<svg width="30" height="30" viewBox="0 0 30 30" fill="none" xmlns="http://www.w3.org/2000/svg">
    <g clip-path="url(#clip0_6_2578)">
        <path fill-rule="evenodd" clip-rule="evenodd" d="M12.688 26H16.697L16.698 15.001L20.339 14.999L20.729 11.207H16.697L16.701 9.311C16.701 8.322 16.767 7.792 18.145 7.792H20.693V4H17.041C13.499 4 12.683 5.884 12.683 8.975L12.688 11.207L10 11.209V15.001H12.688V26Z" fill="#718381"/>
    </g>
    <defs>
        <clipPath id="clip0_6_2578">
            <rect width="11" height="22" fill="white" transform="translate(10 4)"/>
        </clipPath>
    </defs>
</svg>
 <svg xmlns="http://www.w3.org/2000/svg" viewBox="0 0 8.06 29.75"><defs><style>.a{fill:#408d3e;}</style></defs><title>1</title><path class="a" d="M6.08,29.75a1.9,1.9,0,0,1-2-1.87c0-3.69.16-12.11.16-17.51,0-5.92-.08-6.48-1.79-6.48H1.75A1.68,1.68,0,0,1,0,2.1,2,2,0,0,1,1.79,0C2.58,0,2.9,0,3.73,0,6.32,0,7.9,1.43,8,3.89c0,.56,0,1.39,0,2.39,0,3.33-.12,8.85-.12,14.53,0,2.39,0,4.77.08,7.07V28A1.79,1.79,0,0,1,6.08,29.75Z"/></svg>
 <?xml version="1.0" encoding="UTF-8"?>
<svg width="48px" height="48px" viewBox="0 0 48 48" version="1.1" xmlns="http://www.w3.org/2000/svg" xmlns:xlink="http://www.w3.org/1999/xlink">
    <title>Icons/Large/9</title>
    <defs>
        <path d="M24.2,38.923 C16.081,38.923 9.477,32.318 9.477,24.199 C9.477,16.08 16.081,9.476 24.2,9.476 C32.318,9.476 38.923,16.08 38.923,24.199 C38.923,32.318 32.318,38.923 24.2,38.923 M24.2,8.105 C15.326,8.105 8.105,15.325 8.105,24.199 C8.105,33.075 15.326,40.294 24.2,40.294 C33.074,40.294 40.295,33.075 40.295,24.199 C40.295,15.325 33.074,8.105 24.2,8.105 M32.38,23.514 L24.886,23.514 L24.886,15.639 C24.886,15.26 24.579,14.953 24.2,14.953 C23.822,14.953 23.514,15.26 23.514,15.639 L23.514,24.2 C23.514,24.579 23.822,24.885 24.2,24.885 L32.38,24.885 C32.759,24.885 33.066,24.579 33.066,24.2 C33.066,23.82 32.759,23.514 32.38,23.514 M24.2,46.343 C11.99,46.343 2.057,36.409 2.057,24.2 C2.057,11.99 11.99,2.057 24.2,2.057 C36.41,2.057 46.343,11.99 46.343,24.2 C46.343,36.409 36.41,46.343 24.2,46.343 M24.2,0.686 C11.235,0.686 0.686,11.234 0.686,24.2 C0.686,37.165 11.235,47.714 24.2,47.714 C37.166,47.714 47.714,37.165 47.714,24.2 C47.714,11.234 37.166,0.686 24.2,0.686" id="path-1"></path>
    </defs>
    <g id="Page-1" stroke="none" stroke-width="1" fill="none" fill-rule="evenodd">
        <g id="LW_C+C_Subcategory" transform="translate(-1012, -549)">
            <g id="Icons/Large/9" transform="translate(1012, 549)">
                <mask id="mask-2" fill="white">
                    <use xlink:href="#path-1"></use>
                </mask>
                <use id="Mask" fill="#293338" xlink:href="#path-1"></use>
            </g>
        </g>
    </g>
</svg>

+-------+

**What is required**
Your job is to output all of the material exactly.

**Response**
<svg width="30" height="30" viewBox="0 0 30 30" fill="none" xmlns="http://www.w3.org/2000/svg">
    <g clip-path="url(#clip0_6_2578)">
        <path fill-rule="evenodd" clip-rule="evenodd" d="M12.688 26H16.697L16.698 15.001L20.339 14.999L20.729 11.207H16.697L16.701 9.311C16.701 8.322 16.767 7.792 18.145 7.792H20.693V4H17.041C13.499 4 12.683 5.884 12.683 8.975L12.688 11.207L10 11.209V15.001H12.688V26Z" fill="#718381"/>
    </g>
    <defs>
        <clipPath id="clip0_6_2578">
            <rect width="11" height="22" fill="white" transform="translate(10 4)"/>
        </clipPath>
    </defs>
</svg>
 <svg xmlns="http://www.w3.org/2000/svg" viewBox="0 0 8.06 29.75"><defs><style>.a{fill:#408d3e;}</style></defs><title>1</title><path class="a" d="M6.08,29.75a1.9,1.9,0,0,1-2-1.87c0-3.69.16-12.11.16-17.51,0-5.92-.08-6.48-1.79-6.48H1.75A1.68,1.68,0,0,1,0,2.1,2,2,0,0,1,1.79,0C2.58,0,2.9,0,3.73,0,6.32,0,7.9,1.43,8,3.89c0,.56,0,1.39,0,2.39,0,3.33-.12,8.85-.12,14.53,0,2.39,0,4.77.08,7.07V28A1.79,1.79,0,0,1,6.08,29.75Z"/></svg>
 <?xml version="1.0" encoding="UTF-8"?>
<svg width="48px" height="48px" viewBox="0 0 48 48" version="1.1" xmlns="http://www.w3.org/2000/svg" xmlns:xlink="http://www.w3.org/1999/xlink">
    <title>Icons/Large/9</title>
    <defs>
        <path d="M24.2,38.923 C16.081,38.923 9.477,32.318 9.477,24.199 C9.477,16.08 16.081,9.476 24.2,9.476 C32.318,9.476 38.923,16.08 38.923,24.199 C38.923,32.318 32.318,38.923 24.2,38.923 M24.2,8.105 C15.326,8.105 8.105,15.325 8.105,24.199 C8.105,33.075 15.326,40.294 24.2,40.294 C33.074,40.294 40.295,33.075 40.295,24.199 C40.295,15.325 33.074,8.105 24.2,8.105 M32.38,23.514 L24.886,23.514 L24.886,15.639 C24.886,15.26 24.579,14.953 24.2,14.953 C23.822,14.953 23.514,15.26 23.514,15.639 L23.514,24.2 C23.514,24.579 23.822,24.885 24.2,24.885 L32.38,24.885 C32.759,24.885 33.066,24.579 33.066,24.2 C33.066,23.82 32.759,23.514 32.38,23.514 M24.2,46.343 C11.99,46.343 2.057,36.409 2.057,24.2 C2.057,11.99 11.99,2.057 24.2,2.057 C36.41,2.057 46.343,11.99 46.343,24.2 C46.343,36.409 36.41,46.343 24.2,46.343 M24.2,0.686 C11.235,0.686 0.686,11.234 0.686,24.2 C0.686,37.165 11.235,47.714 24.2,47.714 C37.166,47.714 47.714,37.165 47.714,24.2 C47.714,11.234 37.166,0.686 24.2,0.686" id="path-1"></path>
    </defs>
    <g id="Page-1" stroke="none" stroke-width="1" fill="none" fill-rule="evenodd">
        <g id="LW_C+C_Subcategory" transform="translate(-1012, -549)">
            <g id="Icons/Large/9" transform="translate(1012, 549)">
                <mask id="mask-2" fill="white">
                    <use xlink:href="#path-1"></use>
                </mask>
                <use id="Mask" fill="#293338" xlink:href="#path-1"></use>
            </g>
        </g>
    </g>
</svg>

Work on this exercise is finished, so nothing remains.